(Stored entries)
>>>>

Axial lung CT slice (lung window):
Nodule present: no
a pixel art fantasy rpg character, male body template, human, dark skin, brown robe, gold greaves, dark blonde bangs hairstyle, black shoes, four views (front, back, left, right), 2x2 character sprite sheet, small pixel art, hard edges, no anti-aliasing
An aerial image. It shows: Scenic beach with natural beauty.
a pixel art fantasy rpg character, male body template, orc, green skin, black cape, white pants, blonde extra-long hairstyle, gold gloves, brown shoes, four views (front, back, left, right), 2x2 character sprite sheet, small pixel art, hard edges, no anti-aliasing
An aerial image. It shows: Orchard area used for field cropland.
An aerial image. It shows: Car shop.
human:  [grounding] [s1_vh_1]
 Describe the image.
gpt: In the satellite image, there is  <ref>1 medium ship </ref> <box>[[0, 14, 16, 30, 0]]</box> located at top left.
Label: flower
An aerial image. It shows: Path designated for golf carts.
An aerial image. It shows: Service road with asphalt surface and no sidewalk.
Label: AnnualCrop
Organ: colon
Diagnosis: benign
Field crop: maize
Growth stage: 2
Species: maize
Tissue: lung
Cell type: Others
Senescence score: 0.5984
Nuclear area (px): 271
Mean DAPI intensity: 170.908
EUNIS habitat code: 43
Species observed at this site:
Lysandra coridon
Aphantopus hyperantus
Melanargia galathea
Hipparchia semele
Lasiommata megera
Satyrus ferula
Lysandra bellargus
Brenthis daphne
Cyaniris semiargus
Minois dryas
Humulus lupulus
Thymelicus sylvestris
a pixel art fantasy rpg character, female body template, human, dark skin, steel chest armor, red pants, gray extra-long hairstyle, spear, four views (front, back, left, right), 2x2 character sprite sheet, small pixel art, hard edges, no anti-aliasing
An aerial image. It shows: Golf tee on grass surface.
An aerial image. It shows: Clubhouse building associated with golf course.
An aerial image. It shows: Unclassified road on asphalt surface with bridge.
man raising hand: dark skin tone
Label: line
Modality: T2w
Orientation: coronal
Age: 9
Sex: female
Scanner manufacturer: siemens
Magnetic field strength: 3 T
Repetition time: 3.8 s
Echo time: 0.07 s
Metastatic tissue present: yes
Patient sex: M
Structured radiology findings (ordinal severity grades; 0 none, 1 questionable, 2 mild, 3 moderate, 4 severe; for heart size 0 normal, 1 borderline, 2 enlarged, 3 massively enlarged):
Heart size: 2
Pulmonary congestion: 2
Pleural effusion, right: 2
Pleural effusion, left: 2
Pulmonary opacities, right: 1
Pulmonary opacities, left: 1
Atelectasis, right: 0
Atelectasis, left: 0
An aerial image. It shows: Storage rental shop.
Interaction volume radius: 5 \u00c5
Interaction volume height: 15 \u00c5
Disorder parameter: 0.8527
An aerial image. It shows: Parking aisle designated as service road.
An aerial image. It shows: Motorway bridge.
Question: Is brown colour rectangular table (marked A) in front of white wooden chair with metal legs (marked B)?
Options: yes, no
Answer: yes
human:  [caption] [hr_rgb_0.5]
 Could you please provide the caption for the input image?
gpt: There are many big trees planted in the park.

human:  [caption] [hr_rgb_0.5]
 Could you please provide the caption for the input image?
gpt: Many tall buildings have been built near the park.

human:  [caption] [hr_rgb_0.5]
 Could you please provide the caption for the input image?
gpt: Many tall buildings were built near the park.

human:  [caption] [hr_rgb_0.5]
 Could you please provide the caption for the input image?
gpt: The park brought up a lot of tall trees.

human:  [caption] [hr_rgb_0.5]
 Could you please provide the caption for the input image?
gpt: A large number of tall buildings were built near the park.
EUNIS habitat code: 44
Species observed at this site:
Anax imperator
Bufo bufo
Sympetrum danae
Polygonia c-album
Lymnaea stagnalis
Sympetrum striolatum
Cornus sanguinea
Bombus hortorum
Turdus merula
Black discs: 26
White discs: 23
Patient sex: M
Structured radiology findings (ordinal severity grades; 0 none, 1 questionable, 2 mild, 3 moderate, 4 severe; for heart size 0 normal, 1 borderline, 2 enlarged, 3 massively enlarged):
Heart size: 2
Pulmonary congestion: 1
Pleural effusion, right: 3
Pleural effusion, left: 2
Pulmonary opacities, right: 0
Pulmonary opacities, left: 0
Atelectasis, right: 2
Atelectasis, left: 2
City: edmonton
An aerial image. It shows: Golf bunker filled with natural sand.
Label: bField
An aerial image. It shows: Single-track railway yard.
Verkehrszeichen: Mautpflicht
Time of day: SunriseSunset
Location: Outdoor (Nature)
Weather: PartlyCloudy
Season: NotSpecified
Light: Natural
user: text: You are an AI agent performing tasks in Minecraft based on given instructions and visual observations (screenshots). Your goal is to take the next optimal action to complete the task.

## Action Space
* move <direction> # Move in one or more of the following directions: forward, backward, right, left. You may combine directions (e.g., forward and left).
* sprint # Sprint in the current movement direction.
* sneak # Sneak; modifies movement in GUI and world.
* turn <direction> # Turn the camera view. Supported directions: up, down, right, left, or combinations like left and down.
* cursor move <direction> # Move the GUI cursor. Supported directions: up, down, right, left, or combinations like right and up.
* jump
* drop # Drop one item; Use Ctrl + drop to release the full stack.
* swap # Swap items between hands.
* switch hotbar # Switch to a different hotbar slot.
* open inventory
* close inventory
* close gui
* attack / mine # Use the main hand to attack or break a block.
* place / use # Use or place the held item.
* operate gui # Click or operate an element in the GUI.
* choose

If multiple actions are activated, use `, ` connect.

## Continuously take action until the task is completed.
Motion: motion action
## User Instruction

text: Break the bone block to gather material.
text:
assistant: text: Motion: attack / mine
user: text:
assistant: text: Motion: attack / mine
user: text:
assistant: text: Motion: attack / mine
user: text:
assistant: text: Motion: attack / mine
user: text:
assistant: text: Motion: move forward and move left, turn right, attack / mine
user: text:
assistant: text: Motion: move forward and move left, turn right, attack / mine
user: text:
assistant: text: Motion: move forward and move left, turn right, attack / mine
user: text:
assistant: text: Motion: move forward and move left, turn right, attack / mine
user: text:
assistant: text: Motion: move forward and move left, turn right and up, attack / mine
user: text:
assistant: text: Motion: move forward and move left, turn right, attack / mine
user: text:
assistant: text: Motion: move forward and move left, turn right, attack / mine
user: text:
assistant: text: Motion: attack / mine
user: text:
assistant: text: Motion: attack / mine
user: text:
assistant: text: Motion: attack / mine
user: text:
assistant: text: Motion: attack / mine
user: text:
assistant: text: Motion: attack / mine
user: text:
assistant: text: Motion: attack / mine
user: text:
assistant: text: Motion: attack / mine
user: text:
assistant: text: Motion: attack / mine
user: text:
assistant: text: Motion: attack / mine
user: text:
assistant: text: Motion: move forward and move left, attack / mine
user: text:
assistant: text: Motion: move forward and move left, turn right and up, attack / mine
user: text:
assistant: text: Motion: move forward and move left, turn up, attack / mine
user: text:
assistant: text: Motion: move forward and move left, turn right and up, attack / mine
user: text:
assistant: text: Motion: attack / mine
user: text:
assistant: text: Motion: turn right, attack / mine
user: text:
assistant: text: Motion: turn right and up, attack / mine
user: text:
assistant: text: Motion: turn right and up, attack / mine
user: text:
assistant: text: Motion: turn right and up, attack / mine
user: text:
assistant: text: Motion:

<<<<

* What you have to do
Would you please reproduce the records above exactly, only from their first line through the line holding "Describe the image.", with both ends included?

* Your response
Axial lung CT slice (lung window):
Nodule present: no
a pixel art fantasy rpg character, male body template, human, dark skin, brown robe, gold greaves, dark blonde bangs hairstyle, black shoes, four views (front, back, left, right), 2x2 character sprite sheet, small pixel art, hard edges, no anti-aliasing
An aerial image. It shows: Scenic beach with natural beauty.
a pixel art fantasy rpg character, male body template, orc, green skin, black cape, white pants, blonde extra-long hairstyle, gold gloves, brown shoes, four views (front, back, left, right), 2x2 character sprite sheet, small pixel art, hard edges, no anti-aliasing
An aerial image. It shows: Orchard area used for field cropland.
An aerial image. It shows: Car shop.
human:  [grounding] [s1_vh_1]
 Describe the image.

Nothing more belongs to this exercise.